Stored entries

- Opening Delimiter -

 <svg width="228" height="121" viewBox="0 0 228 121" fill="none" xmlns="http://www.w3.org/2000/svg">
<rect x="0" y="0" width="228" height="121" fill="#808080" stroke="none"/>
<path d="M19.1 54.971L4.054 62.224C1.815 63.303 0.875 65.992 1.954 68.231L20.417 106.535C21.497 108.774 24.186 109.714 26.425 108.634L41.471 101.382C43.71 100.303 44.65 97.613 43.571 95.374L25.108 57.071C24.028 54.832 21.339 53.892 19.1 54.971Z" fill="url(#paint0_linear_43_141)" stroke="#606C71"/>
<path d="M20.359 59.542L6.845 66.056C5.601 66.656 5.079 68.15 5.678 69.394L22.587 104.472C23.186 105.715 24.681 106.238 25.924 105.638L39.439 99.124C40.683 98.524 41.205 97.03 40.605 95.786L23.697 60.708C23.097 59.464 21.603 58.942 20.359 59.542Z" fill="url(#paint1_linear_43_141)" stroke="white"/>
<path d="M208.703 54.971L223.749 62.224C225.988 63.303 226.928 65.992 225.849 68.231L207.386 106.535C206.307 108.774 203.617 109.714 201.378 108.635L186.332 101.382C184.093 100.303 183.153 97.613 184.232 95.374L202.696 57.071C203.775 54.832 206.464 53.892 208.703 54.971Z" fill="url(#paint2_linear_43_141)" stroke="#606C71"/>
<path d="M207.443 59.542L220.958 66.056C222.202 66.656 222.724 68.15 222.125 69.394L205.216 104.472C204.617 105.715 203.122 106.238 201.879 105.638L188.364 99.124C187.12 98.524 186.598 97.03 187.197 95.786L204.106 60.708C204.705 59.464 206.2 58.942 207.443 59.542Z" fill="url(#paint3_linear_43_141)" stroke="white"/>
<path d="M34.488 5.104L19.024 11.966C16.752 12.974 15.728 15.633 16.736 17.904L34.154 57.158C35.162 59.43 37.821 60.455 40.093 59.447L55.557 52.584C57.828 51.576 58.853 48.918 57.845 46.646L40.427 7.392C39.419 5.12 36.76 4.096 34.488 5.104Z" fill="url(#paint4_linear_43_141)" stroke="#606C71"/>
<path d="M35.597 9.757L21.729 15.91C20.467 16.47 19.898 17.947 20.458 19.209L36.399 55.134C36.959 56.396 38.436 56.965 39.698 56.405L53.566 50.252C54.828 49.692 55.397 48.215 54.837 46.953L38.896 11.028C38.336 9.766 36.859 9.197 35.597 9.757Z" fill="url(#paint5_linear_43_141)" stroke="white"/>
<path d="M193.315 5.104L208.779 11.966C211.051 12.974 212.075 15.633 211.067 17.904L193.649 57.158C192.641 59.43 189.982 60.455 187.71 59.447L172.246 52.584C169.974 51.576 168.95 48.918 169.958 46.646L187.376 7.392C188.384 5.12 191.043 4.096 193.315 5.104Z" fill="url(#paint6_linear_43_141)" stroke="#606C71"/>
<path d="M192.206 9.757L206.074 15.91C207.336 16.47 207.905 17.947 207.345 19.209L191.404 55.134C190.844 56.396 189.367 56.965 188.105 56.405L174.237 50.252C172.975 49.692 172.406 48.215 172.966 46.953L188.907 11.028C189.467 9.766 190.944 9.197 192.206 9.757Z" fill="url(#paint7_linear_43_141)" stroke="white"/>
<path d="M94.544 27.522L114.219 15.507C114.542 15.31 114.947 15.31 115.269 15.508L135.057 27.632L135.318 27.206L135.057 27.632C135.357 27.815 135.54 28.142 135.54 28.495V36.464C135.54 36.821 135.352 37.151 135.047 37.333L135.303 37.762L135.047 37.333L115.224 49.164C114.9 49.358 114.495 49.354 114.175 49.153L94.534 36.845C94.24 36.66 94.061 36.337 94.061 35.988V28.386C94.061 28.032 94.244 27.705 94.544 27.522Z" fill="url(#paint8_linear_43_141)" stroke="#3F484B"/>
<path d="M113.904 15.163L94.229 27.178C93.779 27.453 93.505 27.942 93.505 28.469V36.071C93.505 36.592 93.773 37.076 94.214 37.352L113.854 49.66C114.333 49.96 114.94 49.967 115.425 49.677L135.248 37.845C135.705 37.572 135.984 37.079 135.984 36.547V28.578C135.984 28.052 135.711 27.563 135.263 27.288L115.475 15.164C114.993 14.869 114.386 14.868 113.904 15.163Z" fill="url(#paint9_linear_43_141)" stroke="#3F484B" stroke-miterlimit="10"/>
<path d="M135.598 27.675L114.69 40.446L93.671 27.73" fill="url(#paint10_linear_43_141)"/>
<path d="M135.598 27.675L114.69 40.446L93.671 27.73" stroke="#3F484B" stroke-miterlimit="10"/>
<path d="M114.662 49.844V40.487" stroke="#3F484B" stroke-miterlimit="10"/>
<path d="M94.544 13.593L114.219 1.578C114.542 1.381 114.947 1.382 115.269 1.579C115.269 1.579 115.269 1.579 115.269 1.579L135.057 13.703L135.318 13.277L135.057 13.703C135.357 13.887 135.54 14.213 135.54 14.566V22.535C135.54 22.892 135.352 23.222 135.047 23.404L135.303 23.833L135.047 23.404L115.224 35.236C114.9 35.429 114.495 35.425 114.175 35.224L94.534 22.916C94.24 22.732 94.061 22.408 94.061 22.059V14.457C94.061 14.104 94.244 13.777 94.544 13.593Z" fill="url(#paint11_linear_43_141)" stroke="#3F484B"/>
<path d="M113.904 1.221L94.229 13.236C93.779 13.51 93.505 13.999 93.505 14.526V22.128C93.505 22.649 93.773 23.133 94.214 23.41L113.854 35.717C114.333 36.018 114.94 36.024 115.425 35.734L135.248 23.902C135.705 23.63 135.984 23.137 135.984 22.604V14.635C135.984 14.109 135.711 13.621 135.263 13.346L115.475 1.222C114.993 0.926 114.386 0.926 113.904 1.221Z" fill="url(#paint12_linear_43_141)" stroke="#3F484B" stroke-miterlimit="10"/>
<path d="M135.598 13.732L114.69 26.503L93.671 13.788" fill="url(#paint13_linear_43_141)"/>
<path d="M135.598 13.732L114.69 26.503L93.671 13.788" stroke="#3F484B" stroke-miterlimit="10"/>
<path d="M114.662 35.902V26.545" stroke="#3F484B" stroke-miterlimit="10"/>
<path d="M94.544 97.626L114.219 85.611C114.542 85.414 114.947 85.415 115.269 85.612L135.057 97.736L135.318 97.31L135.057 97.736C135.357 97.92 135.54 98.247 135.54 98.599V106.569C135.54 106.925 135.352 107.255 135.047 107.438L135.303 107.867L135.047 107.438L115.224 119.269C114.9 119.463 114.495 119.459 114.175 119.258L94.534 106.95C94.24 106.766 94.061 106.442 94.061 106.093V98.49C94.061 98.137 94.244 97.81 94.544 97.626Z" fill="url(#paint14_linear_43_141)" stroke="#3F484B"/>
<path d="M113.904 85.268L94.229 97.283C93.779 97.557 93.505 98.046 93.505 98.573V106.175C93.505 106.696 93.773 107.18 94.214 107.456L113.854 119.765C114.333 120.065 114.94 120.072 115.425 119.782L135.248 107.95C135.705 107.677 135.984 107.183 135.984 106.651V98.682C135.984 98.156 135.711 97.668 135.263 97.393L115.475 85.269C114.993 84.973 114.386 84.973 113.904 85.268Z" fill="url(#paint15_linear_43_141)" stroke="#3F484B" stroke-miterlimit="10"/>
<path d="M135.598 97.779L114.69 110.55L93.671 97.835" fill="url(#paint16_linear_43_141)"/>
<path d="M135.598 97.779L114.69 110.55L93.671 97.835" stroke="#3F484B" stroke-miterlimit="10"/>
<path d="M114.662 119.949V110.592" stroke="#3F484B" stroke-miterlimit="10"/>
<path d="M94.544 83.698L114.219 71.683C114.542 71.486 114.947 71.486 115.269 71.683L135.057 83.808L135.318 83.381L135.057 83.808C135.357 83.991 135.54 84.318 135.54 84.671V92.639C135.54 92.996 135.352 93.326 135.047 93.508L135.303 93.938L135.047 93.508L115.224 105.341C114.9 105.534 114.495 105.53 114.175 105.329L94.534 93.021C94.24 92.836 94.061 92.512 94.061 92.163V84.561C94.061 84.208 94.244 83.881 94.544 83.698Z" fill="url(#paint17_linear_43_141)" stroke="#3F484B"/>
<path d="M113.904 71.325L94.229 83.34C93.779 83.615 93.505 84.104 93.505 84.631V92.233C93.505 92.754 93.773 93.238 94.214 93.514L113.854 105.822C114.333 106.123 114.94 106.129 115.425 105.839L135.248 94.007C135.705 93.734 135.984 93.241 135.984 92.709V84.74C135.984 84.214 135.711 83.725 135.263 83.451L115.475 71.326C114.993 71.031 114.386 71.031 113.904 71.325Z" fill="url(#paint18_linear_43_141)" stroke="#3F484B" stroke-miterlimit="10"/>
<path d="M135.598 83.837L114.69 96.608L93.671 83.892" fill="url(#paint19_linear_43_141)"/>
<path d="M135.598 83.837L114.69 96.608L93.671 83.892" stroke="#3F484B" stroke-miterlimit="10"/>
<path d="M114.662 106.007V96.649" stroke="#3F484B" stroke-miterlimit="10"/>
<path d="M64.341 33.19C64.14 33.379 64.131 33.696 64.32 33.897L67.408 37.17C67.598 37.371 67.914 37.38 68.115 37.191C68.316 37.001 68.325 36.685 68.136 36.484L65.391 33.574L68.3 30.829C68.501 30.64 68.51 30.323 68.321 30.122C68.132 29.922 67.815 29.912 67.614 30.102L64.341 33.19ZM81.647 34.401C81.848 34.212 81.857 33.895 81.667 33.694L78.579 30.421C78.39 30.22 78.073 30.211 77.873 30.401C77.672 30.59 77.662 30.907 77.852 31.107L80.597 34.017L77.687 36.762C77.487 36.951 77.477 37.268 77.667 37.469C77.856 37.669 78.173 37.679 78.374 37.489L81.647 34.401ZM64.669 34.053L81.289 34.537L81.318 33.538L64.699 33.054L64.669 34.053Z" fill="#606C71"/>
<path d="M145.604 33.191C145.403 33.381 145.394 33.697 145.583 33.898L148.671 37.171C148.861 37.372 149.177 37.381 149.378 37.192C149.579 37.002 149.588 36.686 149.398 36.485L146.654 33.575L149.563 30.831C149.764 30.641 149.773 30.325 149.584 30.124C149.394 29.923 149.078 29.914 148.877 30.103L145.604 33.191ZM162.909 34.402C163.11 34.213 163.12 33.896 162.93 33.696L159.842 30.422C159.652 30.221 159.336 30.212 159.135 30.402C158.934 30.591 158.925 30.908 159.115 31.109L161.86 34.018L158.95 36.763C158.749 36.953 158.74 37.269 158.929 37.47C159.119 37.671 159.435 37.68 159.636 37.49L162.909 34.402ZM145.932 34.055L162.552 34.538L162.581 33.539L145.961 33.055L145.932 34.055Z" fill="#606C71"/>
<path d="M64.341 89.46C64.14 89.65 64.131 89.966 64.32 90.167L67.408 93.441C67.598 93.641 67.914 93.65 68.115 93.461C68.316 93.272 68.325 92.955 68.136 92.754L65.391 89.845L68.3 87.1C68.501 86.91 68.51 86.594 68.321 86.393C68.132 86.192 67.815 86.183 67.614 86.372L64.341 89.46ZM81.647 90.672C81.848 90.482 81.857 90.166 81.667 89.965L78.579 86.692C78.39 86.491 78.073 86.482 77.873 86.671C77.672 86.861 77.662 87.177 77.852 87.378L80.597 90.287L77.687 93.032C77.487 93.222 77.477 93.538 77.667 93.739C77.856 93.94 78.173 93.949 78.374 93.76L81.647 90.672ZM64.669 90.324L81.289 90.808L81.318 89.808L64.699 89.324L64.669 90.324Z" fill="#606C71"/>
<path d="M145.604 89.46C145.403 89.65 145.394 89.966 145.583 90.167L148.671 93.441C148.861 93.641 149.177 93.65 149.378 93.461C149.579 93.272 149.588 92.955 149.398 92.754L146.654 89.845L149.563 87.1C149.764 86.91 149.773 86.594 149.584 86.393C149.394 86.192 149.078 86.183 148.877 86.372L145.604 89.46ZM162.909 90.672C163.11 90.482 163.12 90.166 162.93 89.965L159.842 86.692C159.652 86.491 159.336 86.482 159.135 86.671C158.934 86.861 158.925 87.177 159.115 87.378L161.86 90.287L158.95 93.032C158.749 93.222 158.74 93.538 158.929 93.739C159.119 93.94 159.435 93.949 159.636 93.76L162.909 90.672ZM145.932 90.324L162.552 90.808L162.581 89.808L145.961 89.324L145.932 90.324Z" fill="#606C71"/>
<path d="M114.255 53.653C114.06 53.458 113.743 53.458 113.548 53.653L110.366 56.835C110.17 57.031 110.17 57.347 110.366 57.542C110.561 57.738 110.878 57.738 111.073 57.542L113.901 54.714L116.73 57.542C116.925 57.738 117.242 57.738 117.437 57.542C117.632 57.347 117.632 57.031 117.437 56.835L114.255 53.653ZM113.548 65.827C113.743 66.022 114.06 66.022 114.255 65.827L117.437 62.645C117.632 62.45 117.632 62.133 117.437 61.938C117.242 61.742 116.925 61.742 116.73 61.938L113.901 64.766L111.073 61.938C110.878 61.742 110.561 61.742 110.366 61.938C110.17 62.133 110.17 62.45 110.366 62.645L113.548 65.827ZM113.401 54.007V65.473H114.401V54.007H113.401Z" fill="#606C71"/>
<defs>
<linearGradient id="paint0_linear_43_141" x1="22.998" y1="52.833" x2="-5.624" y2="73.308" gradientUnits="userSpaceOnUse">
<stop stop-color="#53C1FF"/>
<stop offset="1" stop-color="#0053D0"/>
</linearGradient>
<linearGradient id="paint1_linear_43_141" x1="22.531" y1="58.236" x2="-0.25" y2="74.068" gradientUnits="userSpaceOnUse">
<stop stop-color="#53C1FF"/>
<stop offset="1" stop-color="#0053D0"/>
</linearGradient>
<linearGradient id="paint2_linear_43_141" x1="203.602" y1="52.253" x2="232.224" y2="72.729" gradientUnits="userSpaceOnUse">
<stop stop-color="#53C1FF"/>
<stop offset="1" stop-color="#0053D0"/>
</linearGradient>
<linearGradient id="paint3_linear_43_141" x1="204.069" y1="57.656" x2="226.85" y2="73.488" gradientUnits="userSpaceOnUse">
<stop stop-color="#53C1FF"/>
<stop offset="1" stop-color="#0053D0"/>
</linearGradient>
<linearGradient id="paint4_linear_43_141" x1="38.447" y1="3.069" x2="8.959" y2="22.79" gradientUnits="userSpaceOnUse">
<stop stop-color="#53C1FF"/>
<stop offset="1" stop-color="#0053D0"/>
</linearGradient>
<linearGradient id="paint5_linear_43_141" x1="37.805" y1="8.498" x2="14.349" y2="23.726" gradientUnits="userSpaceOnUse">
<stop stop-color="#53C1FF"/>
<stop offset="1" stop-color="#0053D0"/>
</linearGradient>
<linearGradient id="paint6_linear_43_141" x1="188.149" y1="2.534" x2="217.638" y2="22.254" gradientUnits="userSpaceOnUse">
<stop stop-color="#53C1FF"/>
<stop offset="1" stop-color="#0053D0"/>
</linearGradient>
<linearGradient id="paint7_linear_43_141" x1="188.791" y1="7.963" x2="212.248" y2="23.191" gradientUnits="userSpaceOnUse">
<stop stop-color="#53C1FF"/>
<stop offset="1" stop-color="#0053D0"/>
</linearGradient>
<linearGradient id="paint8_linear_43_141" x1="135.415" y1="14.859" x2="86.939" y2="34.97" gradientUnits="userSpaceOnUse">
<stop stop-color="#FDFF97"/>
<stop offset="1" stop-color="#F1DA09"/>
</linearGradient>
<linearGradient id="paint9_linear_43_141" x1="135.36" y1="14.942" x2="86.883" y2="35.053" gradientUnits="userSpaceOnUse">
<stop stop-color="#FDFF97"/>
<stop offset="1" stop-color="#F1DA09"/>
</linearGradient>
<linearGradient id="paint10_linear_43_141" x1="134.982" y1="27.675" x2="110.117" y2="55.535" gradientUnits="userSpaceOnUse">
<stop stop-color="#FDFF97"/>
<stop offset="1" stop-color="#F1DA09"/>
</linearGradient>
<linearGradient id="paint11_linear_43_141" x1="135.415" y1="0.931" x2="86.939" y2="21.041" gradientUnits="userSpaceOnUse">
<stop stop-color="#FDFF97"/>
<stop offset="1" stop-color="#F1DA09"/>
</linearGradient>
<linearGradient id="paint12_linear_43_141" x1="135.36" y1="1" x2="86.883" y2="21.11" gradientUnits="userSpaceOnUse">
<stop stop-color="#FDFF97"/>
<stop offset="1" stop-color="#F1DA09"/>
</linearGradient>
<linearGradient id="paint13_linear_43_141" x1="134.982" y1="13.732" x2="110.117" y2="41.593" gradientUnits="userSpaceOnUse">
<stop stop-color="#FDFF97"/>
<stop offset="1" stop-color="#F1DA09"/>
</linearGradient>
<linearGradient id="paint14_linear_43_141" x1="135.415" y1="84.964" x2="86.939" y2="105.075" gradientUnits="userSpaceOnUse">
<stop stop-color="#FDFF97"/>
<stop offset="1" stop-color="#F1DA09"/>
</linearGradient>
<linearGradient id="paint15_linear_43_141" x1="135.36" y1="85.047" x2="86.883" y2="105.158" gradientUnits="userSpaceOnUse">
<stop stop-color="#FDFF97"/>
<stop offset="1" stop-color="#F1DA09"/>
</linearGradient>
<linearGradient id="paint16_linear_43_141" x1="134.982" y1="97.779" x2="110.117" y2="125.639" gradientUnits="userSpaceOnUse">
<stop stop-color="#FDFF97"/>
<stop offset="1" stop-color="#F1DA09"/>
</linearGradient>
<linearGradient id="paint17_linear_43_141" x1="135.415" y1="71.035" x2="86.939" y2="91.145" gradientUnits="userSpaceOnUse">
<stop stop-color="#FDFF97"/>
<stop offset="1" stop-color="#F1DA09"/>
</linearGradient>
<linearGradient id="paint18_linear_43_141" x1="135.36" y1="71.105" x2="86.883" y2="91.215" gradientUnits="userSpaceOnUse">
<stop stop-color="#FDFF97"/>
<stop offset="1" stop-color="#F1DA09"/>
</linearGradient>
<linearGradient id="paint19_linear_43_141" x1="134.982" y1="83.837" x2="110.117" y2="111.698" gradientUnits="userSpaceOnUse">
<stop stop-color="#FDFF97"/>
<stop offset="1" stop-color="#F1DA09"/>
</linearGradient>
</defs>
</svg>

- Closing Delimiter -

» Work task: Would you copy out each line of the records above where the word "width" occurs?

» Reply to the exercise:
 <svg width="228" height="121" viewBox="0 0 228 121" fill="none" xmlns="http://www.w3.org/2000/svg">
<rect x="0" y="0" width="228" height="121" fill="#808080" stroke="none"/>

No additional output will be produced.